Nine months later, still in depression, Francis receives a letter of his children which turns out to be a check, then Marguerite encourages him to reconnect with them. Ferrucio escorts him to his childhood house where he finds again his children, wishes a happy birthday to Stella giving her a bouquet of flowers, and admits regretting his act on his children. While he is about to go back home, Stella catches him back to forgive him, Ferrucio and Francis decide to go back in the house and finally reconcile with Stella, Philippe and Alexandre, with presence of Marguerite and Malek. At the end, Kévin calls other people imitating different accents.

== Cast ==
- Gérard Jugnot as Francis Bartek
- Artus as Philippe Bartek
- Camille Lou as Stella Bartek
- Louka Meliava as Alexandre Bartek
- Tom Leeb as Juan Carlos / Kévin Lepoutre
- François Morel as Ferrucio
- Colette Kraffe : Marguerite
- Joffrey Verbruggen as Matthias
- Anne Le Forestier as the job agency director
- Franck Adrien as Guillaume, the cheated husband
- Jean-Baptiste Sagory as a friend of Philippe
- Ichem Bougheraba as Malek
- Jean-François Malet as the unsatisfied customer
- Stéphane Bern as the voix-over at the beginning of the film

== Production ==
=== Genesis and development ===
The film is an inspiration of Mexican film Nosotros los Nobles released in 2013, which is also a revisit of the 1949 Mexican film The Great Madcap.

=== Filming ===
The film was partly shot in the Principality of Monaco, in the documentary of the prologue. This part of the filming was complex, because of the filming admissions that were limited and constraining, which required the demand of several shots. However, the essential of the film was shot in France in Marseille.

== Box-office ==
For the first day of broadcast in the French halls, Pourris Gâtés reunited 25,246 viewers, including 12,045 in preview. The film was on third position on the box-office of the novelties behind French film Dear Mother, which scored 27,751 viewers.

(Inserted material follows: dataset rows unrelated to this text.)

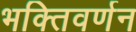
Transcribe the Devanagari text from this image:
भक्तिवर्णन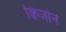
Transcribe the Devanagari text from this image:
क्विजोन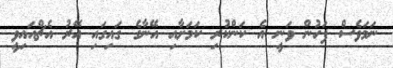
ނަމަވެސް ފަހުން ވަނީ އެ ކަންކުރި ކަމަށާއި އޭނާގެ ގަައިގައި އޭރު އެޗްއައިވީ
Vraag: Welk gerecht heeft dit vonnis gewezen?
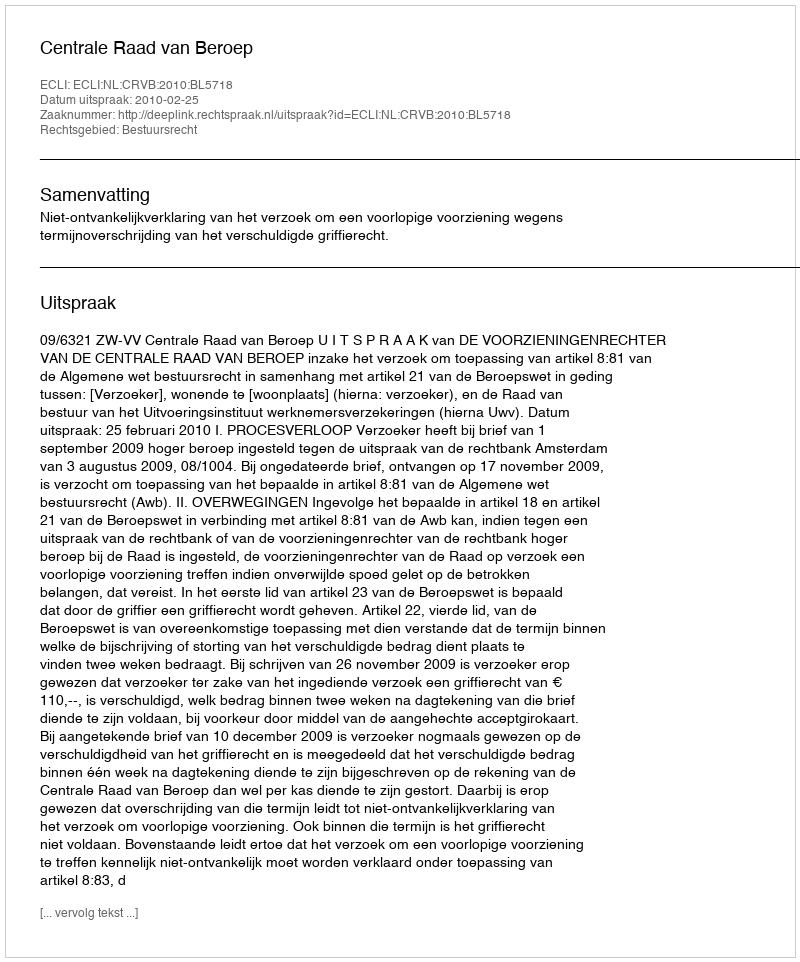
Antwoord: Centrale Raad van Beroep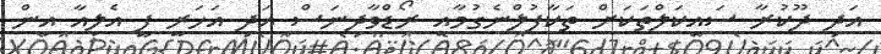
އަދި ދޫކުރާ ސައިކަލްތަކަށް ތަކާފުލްނެގުމާއި ރޯޑްވާދިނަސް އަދި އަހަރީ ފީ އެލިއާ އިން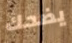
يضحك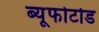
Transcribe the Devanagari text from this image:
ब्यूफोटोड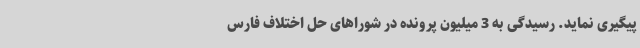
پیگیری نماید. رسیدگی به 3 میلیون پرونده در شوراهای حل اختلاف فارس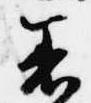
着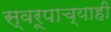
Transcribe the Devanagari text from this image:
स्वरूपाच्याही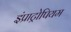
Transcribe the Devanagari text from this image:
इंप्राट्रोपियम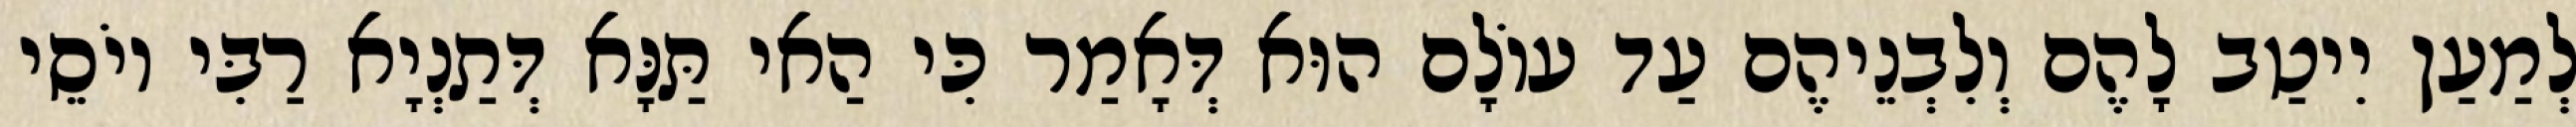
לְמַעַן יִיטַב לָהֶם וְלִבְנֵיהֶם עַד עוֹלָם הוּא דְּאָמַר כִּי הַאי תַּנָּא דְּתַנְיָא רַבִּי יוֹסֵי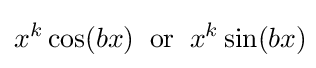
x^{k}\cos(bx)\;\;\mathrm {or} \;\;x^{k}\sin(bx)\!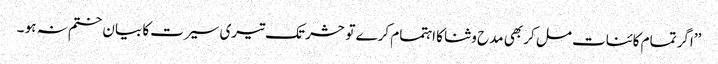
’’اگر تمام کائنات مل کر بھی مدح و ثنا کا اہتمام کرے تو حشر تک تیری سیرت کا بیان ختم نہ ہو ۔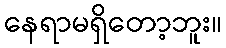
နေရာမရှိတော့ဘူး။
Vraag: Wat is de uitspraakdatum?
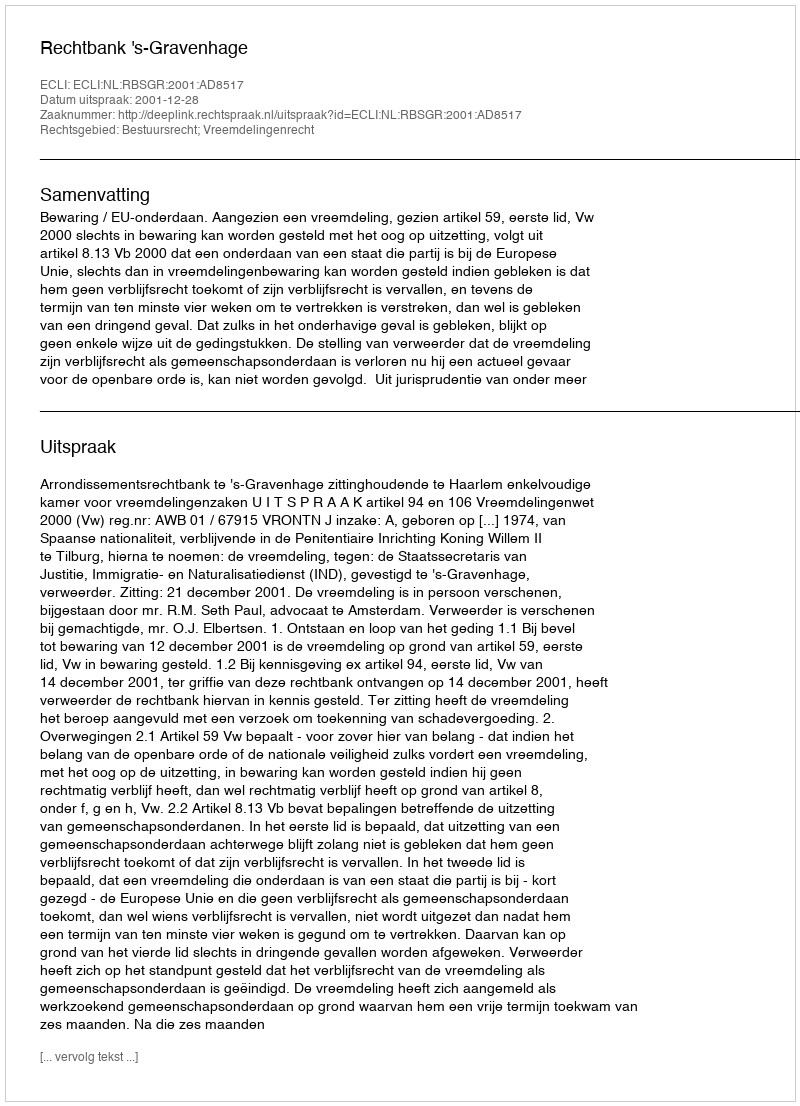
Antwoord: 2001-12-28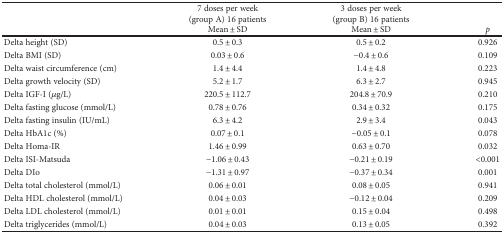
<table><thead><tr><td rowspan="2"></td><td><b>7 doses per week(group A) 16 patients</b></td><td><b>3 doses per week(group B) 16 patients</b></td><td></td></tr><tr><td><b>Mean ± SD</b></td><td><b>Mean ± SD</b></td><td><b><i>p</i></b></td></tr></thead><tbody><tr><td>Delta height (SD)</td><td>0.5 ± 0.3</td><td>0.5 ± 0.2</td><td>0.926</td></tr><tr><td>Delta BMI (SD)</td><td>0.03 ± 0.6</td><td>−0.4 ± 0.6</td><td>0.109</td></tr><tr><td>Delta waist circumference (cm)</td><td>1.4 ± 4.4</td><td>1.4 ± 4.8</td><td>0.223</td></tr><tr><td>Delta growth velocity (SD)</td><td>5.2 ± 1.7</td><td>6.3 ± 2.7</td><td>0.945</td></tr><tr><td>Delta IGF-I (<i>μ</i>g/L)</td><td>220.5 ± 112.7</td><td>204.8 ± 70.9</td><td>0.210</td></tr><tr><td>Delta fasting glucose (mmol/L)</td><td>0.78 ± 0.76</td><td>0.34 ± 0.32</td><td>0.175</td></tr><tr><td>Delta fasting insulin (IU/mL)</td><td>6.3 ± 4.2</td><td>2.9 ± 3.4</td><td>0.043</td></tr><tr><td>Delta HbA1c (%)</td><td>0.07 ± 0.1</td><td>−0.05 ± 0.1</td><td>0.078</td></tr><tr><td>Delta Homa-IR</td><td>1.46 ± 0.99</td><td>0.63 ± 0.70</td><td>0.032</td></tr><tr><td>Delta ISI-Matsuda</td><td>−1.06 ± 0.43</td><td>−0.21 ± 0.19</td><td>&lt;0.001</td></tr><tr><td>Delta DIo</td><td>−1.31 ± 0.97</td><td>−0.37 ± 0.34</td><td>0.001</td></tr><tr><td>Delta total cholesterol (mmol/L)</td><td>0.06 ± 0.01</td><td>0.08 ± 0.05</td><td>0.941</td></tr><tr><td>Delta HDL cholesterol (mmol/L)</td><td>0.04 ± 0.03</td><td>−0.12 ± 0.04</td><td>0.209</td></tr><tr><td>Delta LDL cholesterol (mmol/L)</td><td>0.01 ± 0.01</td><td>0.15 ± 0.04</td><td>0.498</td></tr><tr><td>Delta triglycerides (mmol/L)</td><td>0.04 ± 0.03</td><td>0.13 ± 0.05</td><td>0.392</td></tr></tbody></table>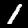
Label: 1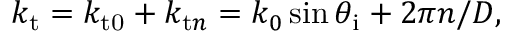
k _ { \mathrm { t } } = k _ { \mathrm { t 0 } } + k _ { \mathrm { t } n } = k _ { 0 } \sin { \theta _ { \mathrm { i } } + 2 \pi } n / D ,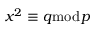
x ^ { 2 } \equiv q { \bmod { p } }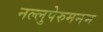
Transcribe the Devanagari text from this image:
नल्लुपेरुमनम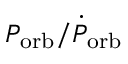
P _ { \mathrm { o r b } } / \dot { P } _ { \mathrm { o r b } }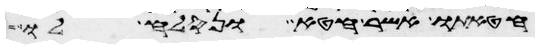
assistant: חטאתו אשר חטא ונסלח לו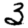
Digit: 3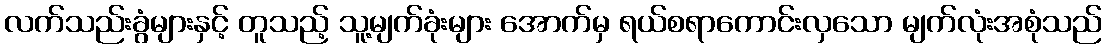
လက်သည်းခွံများနှင့် တူသည့် သူ့မျက်ခုံးများ အောက်မှ ရယ်စရာကောင်းလှသော မျက်လုံးအစုံသည်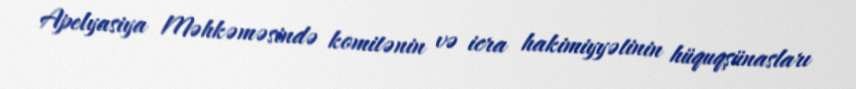
Apelyasiya Məhkəməsində komitənin və icra hakimiyyətinin hüquqşünasları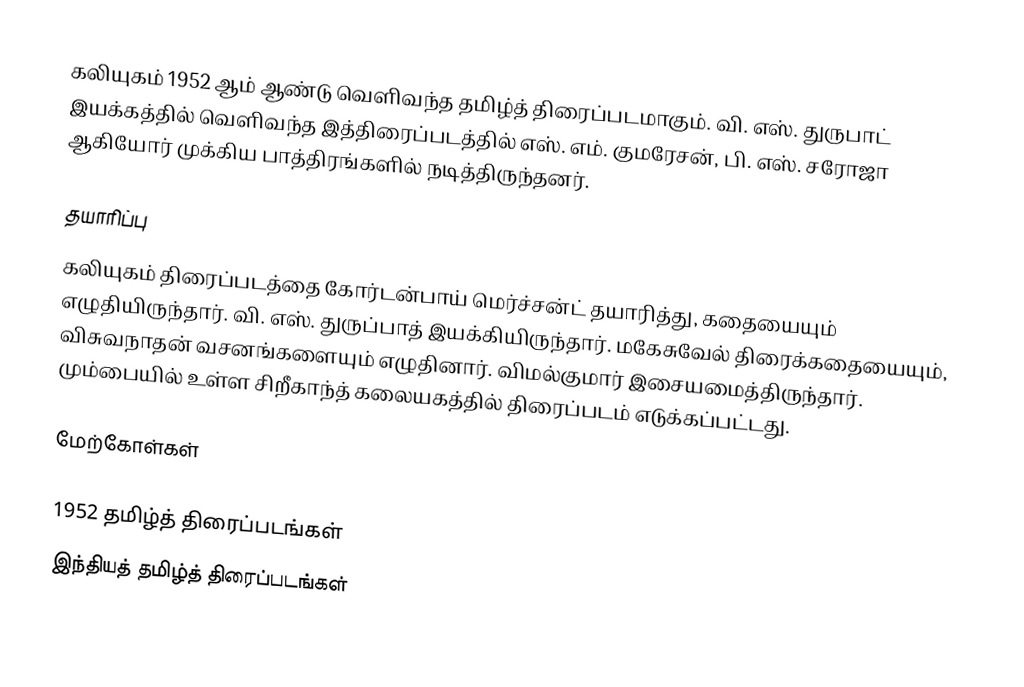
கலியுகம் 1952 ஆம் ஆண்டு வெளிவந்த தமிழ்த் திரைப்படமாகும். வி. எஸ். துருபாட் இயக்கத்தில் வெளிவந்த இத்திரைப்படத்தில் எஸ். எம். குமரேசன், பி. எஸ். சரோஜா ஆகியோர் முக்கிய பாத்திரங்களில் நடித்திருந்தனர்.

தயாரிப்பு
கலியுகம் திரைப்படத்தை கோர்டன்பாய் மெர்ச்சன்ட் தயாரித்து, கதையையும் எழுதியிருந்தார். வி. எஸ். துருப்பாத் இயக்கியிருந்தார். மகேசுவேல் திரைக்கதையையும், விசுவநாதன் வசனங்களையும் எழுதினார். விமல்குமார் இசையமைத்திருந்தார். மும்பையில் உள்ள சிறீகாந்த் கலையகத்தில் திரைப்படம் எடுக்கப்பட்டது.

மேற்கோள்கள்

1952 தமிழ்த் திரைப்படங்கள்
இந்தியத் தமிழ்த் திரைப்படங்கள்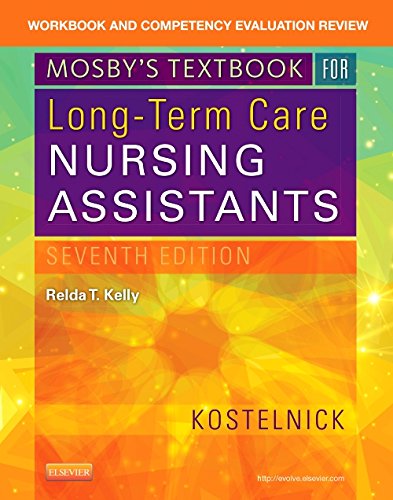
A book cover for Workbook and Competency Evaluation Review for Mosby's Textbook for Long-Term Care Nursing Assistants, 7e; Clare Kostelnick; Medical Books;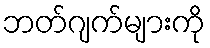
ဘတ်ဂျက်များကို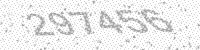
Solution: 297456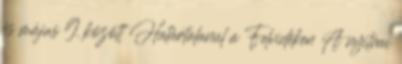
és május 9. között Határtalanul a Felvidéken A nyitrai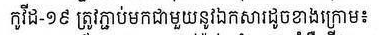
កូវីដ-១៩ ត្រូវភ្ជាប់មកជាមួយនូវឯកសារដូចខាងក្រោម៖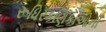
રૂધિરકણિકાઓની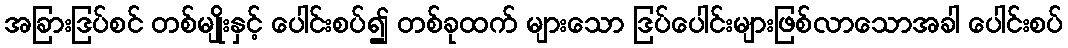
အခြားဒြပ်စင် တစ်မျိုးနှင့် ပေါင်းစပ်၍ တစ်ခုထက် များသော ဒြပ်ပေါင်းများဖြစ်လာသောအခါ ပေါင်းစပ်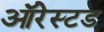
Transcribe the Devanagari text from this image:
ऑरेस्टड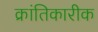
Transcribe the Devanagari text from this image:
क्रांतिकारीक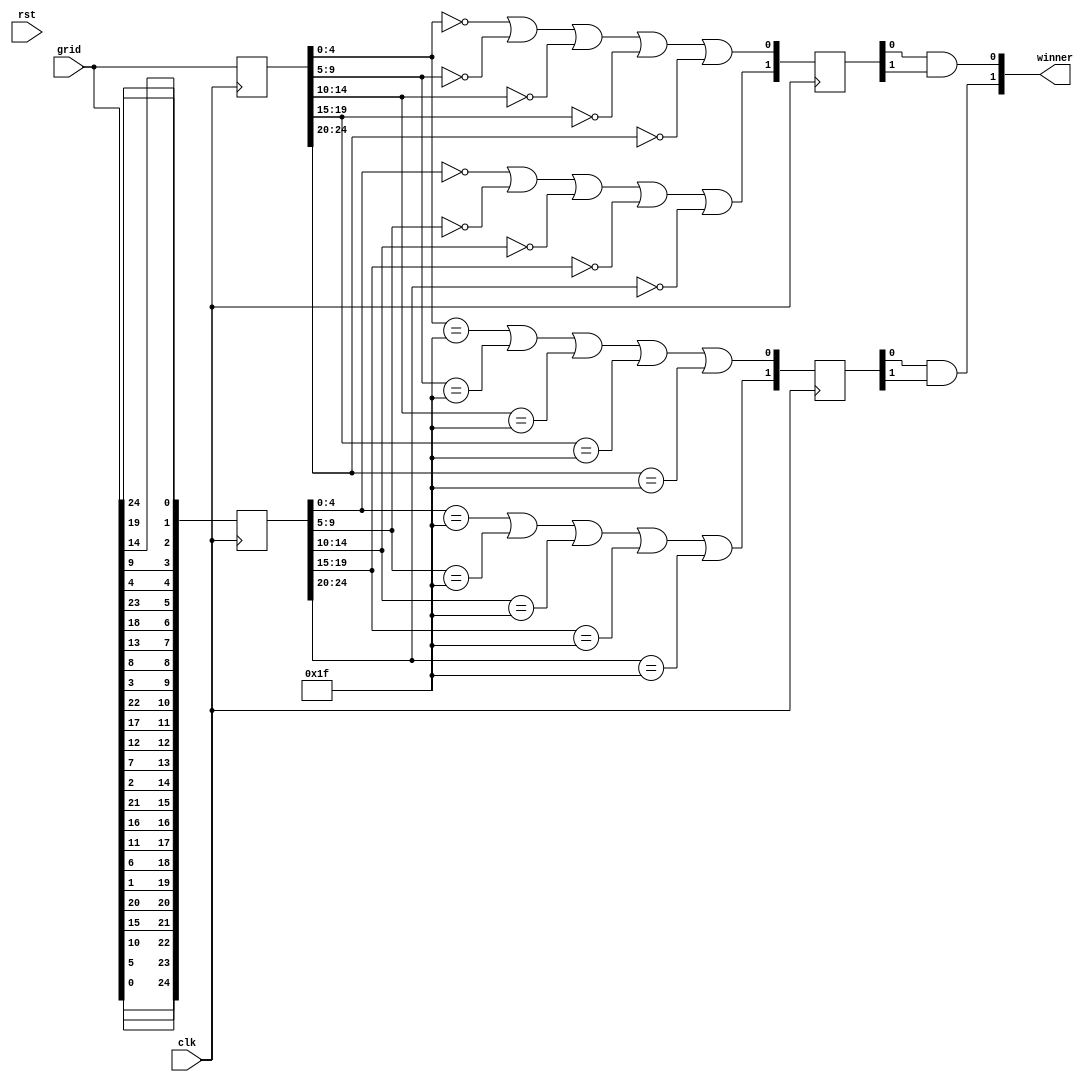
/*
   This file was generated automatically by the Mojo IDE version B1.3.6.
   Do not edit this file directly. Instead edit the original Lucid source.
   This is a temporary file and any changes made to it will be destroyed.
*/

module cross_wincon_54 (
    input clk,
    input rst,
    input [24:0] grid,
    output reg [1:0] winner
  );
  
  
  
  reg [24:0] M_row_d, M_row_q = 1'h0;
  reg [24:0] M_col_d, M_col_q = 1'h0;
  reg [1:0] M_one_d, M_one_q = 1'h0;
  reg [1:0] M_zero_d, M_zero_q = 1'h0;
  
  always @* begin
    M_col_d = M_col_q;
    M_one_d = M_one_q;
    M_zero_d = M_zero_q;
    M_row_d = M_row_q;
    
    winner = 1'h0;
    M_row_d[0+0+4-:5] = grid[0+4-:5];
    M_row_d[5+0+4-:5] = grid[5+4-:5];
    M_row_d[10+0+4-:5] = grid[10+4-:5];
    M_row_d[15+0+4-:5] = grid[15+4-:5];
    M_row_d[20+0+4-:5] = grid[20+4-:5];
    M_col_d[0+0+4-:5] = {grid[4+0-:1], grid[9+0-:1], grid[14+0-:1], grid[19+0-:1], grid[24+0-:1]};
    M_col_d[5+0+4-:5] = {grid[3+0-:1], grid[8+0-:1], grid[13+0-:1], grid[18+0-:1], grid[23+0-:1]};
    M_col_d[10+0+4-:5] = {grid[2+0-:1], grid[7+0-:1], grid[12+0-:1], grid[17+0-:1], grid[22+0-:1]};
    M_col_d[15+0+4-:5] = {grid[1+0-:1], grid[6+0-:1], grid[11+0-:1], grid[16+0-:1], grid[21+0-:1]};
    M_col_d[20+0+4-:5] = {grid[0+0-:1], grid[5+0-:1], grid[10+0-:1], grid[15+0-:1], grid[20+0-:1]};
    M_one_d[0+0-:1] = (M_row_q[0+4-:5] == 5'h1f | M_row_q[5+4-:5] == 5'h1f | M_row_q[10+4-:5] == 5'h1f | M_row_q[15+4-:5] == 5'h1f | M_row_q[20+4-:5] == 5'h1f);
    M_one_d[1+0-:1] = (M_col_q[0+4-:5] == 5'h1f | M_col_q[5+4-:5] == 5'h1f | M_col_q[10+4-:5] == 5'h1f | M_col_q[15+4-:5] == 5'h1f | M_col_q[20+4-:5] == 5'h1f);
    M_zero_d[0+0-:1] = (M_row_q[0+4-:5] == 5'h00 | M_row_q[5+4-:5] == 5'h00 | M_row_q[10+4-:5] == 5'h00 | M_row_q[15+4-:5] == 5'h00 | M_row_q[20+4-:5] == 5'h00);
    M_zero_d[1+0-:1] = (M_col_q[0+4-:5] == 5'h00 | M_col_q[5+4-:5] == 5'h00 | M_col_q[10+4-:5] == 5'h00 | M_col_q[15+4-:5] == 5'h00 | M_col_q[20+4-:5] == 5'h00);
    winner[1+0-:1] = (M_one_q[0+0-:1] & M_one_q[1+0-:1]);
    winner[0+0-:1] = (M_zero_q[0+0-:1] & M_zero_q[1+0-:1]);
  end
  
  always @(posedge clk) begin
    M_row_q <= M_row_d;
    M_col_q <= M_col_d;
    M_one_q <= M_one_d;
    M_zero_q <= M_zero_d;
  end
  
endmodule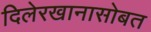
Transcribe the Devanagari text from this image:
दिलेरखानासोबत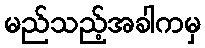
မည်သည့်အခါကမှ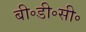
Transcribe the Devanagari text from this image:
बी॰डी॰सी॰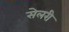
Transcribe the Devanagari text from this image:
सेलरी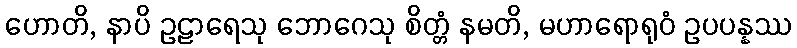
ဟောတိ, နာပိ ဥဠာရေသု ဘောဂေသု စိတ္တံ နမတိ, မဟာရောရုဝံ ဥပပန္နဿ
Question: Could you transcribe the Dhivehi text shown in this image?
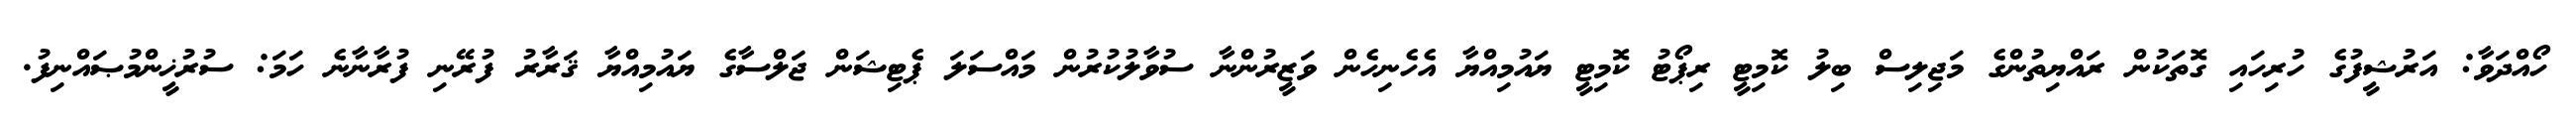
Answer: ހޯއްދަވާ: އަރުޝީފުގެ ހުރިހައި ގޮތަކުން ރައްޔިތުންގެ މަޖިލިސް ބިލު ކޮމިޓީ ރިޕޯޓު ކޮމިޓީ ޔައުމިއްޔާ އެހެނިހެން ވަޒީރުންނާ ސުވާލުކުރުން މައްސަލަ ޕެޓިޝަން ޖަލްސާގެ ޔައުމިއްޔާ ޤަރާރު ފުރޭނި ފުރާނާނެ ހަމަ: ސުރުޚީންމުޞައްނިފު.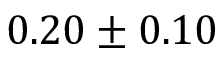
0 . 2 0 \pm 0 . 1 0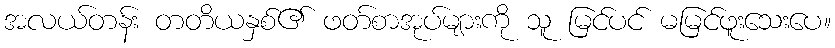
အလယ်တန်း တတိယနှစ်၏ ဖတ်စာအုပ်များကို သူ မြင်ပင် မမြင်ဖူးသေးပေ။

During its two first weeks of broadcast, the film passed from fifth to sixth place and scored 250,666 entries in the halls. The two following weeks, the film remains at sixth place and reached 395,431 entries. After nine weeks of broadcast in France, the film scored in total 442,901 entries.

== Broadcast and success ==
=== Television broadcast ===
The film was broadcast on television for the first time on 3 August 2022 on Canal+. Its first broadcast on the free television channel TF1 on 30 July 2023 gathered 5,62 million viewers, a success of audience that allows TF1 to obtain the first place of the best audience of a film broadcast on television in 2023.

=== International exploitation ===
The film, with a modest score in France, received a higher recognition at the international. After its cinema exploitation, the rights of the film were re-bought by Netflix for a broadcast in foreign countries in November 2021, under the title Spoiled Brats. Since then, the film was watched after one week by more than 10 million viewers on the platform, and thus, only for its first weekend of exploitation, and posed itself leader of non-English speaking films for its first week. According to Gérard Jugnot, the film was really successful "in Honduras, Ecuador, Brazil and Mexico".